Research & Papers

FD-RAG boosts accuracy 7.8% and cuts latency 8.4x for edge AI

New federated RAG system runs on fragmented devices without sharing raw data.

Deep Dive

Retrieval-augmented generation (RAG) typically assumes centralized knowledge and abundant compute — assumptions that break down on edge devices where data is fragmented, private, and LLM calls are expensive. Researchers from multiple institutions present FD-RAG, a federated dual-system framework that solves this by separating lightweight memory access from on-demand LLM reasoning. FD-RAG builds semantic-aware adaptive hypergraphs over local corpora and distills them into compact QA memories. During inference, it handles well-covered queries via direct memory matching — fast and cheap — and only calls the LLM when necessary, tracing retrieved memories back to hypergraph-grounded evidence. To preserve privacy, it aggregates anonymized memory representations across devices without exposing raw documents, enabling collaborative knowledge sharing.

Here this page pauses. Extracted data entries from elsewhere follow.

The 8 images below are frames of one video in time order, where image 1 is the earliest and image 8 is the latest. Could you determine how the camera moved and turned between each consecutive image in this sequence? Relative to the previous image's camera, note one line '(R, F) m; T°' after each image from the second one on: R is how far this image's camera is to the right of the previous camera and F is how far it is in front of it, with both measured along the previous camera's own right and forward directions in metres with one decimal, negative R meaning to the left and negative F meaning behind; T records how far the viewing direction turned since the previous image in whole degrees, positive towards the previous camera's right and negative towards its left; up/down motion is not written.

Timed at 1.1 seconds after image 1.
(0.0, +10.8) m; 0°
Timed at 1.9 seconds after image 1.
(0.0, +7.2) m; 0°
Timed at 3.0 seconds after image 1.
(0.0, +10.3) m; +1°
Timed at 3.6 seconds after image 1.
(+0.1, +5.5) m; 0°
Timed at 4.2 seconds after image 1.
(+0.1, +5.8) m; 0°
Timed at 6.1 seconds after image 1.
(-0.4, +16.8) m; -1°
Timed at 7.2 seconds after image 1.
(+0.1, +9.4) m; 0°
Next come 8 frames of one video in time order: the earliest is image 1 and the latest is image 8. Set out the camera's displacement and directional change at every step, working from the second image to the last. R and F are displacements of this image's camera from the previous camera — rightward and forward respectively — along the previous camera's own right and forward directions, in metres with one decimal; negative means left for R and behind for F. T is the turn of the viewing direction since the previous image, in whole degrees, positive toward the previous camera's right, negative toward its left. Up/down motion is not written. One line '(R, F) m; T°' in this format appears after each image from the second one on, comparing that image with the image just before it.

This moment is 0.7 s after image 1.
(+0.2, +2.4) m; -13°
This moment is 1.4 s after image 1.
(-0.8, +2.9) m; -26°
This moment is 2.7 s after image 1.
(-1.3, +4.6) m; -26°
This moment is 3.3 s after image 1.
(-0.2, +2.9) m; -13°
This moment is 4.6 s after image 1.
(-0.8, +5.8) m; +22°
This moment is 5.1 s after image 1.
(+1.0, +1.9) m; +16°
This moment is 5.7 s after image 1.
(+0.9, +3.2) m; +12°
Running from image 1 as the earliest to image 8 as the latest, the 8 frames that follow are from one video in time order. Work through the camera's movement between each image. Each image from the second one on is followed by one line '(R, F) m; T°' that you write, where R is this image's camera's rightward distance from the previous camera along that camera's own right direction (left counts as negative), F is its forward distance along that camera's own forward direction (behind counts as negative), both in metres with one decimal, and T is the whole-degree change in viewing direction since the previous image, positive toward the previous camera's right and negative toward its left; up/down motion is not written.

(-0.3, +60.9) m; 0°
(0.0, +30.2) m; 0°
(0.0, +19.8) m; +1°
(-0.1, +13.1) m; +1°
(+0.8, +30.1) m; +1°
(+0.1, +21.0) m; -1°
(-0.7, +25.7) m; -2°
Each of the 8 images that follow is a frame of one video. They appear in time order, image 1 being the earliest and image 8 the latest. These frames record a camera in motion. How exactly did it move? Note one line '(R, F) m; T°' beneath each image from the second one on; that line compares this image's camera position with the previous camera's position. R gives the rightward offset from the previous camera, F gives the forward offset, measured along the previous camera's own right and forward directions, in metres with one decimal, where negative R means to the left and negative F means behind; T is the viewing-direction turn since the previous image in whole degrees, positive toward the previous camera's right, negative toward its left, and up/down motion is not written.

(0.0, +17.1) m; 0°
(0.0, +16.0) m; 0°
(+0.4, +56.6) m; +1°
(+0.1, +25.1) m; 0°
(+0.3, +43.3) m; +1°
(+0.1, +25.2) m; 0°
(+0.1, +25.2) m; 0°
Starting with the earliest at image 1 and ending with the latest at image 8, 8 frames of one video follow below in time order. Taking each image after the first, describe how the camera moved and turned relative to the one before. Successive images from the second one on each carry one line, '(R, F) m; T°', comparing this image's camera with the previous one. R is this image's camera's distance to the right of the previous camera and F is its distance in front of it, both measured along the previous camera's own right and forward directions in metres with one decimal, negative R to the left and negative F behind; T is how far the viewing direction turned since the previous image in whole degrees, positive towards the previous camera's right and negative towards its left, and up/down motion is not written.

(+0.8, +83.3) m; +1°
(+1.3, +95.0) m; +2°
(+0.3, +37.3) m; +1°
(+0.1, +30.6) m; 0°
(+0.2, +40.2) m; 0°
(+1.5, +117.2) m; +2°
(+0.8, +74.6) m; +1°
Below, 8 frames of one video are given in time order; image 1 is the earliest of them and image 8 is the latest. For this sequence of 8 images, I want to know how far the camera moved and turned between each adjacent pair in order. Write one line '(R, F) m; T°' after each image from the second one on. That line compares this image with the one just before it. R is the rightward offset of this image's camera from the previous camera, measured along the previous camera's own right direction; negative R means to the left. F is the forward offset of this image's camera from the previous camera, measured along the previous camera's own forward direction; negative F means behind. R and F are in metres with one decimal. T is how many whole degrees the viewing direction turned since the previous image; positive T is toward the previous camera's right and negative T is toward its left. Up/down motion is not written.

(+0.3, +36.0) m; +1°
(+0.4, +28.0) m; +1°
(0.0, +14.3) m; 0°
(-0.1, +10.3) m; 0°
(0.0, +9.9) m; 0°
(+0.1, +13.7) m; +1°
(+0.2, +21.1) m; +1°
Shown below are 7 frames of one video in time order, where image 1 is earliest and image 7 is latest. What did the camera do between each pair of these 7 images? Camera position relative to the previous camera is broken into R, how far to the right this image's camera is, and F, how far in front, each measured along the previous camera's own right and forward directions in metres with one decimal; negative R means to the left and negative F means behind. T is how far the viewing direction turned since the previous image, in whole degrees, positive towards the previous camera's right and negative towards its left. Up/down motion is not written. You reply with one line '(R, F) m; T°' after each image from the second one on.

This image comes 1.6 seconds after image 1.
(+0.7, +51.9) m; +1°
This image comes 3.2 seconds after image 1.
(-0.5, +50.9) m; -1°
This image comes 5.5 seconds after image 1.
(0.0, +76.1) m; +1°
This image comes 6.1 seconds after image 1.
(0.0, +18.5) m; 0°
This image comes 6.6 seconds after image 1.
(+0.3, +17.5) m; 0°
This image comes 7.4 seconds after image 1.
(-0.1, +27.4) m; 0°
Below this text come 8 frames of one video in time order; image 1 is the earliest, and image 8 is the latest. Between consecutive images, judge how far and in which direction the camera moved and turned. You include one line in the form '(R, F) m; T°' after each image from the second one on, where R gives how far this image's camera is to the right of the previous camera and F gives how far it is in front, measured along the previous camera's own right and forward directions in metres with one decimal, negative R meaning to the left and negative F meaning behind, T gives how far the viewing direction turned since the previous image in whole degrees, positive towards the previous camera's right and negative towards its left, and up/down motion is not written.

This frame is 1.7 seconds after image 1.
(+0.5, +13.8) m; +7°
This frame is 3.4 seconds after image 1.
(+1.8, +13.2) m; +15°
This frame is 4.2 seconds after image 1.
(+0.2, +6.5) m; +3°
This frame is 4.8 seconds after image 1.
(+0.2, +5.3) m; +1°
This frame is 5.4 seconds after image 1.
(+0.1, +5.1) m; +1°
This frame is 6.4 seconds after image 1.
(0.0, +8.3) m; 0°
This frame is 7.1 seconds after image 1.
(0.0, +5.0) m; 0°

Experiments on QA benchmarks show FD-RAG improves accuracy by up to 7.8% while reducing latency by 8.4x compared to strong local and federated baselines. The framework also includes theoretical guarantees, establishing an O(1/ε²) convergence rate for hypergraph learning. This makes decentralized, privacy-preserving RAG tractable for real edge deployments — think smartphone assistants, IoT devices, or edge servers with limited GPU access. For tech professionals, FD-RAG points to a future where AI can leverage fragmented, private knowledge without centralizing data or burning compute budgets.

Key Points
  • Decouples memory access from LLM reasoning, using adaptive hypergraphs and QA memories for fast local responses
  • Improves QA accuracy by 7.8% while cutting latency 8.4x versus existing local and federated baselines
  • Aggregates anonymized device memories without exposing raw data, enabling privacy-preserving federated knowledge sharing

Why It Matters

Enables efficient, private RAG on edge devices — key for decentralized AI assistants and IoT applications.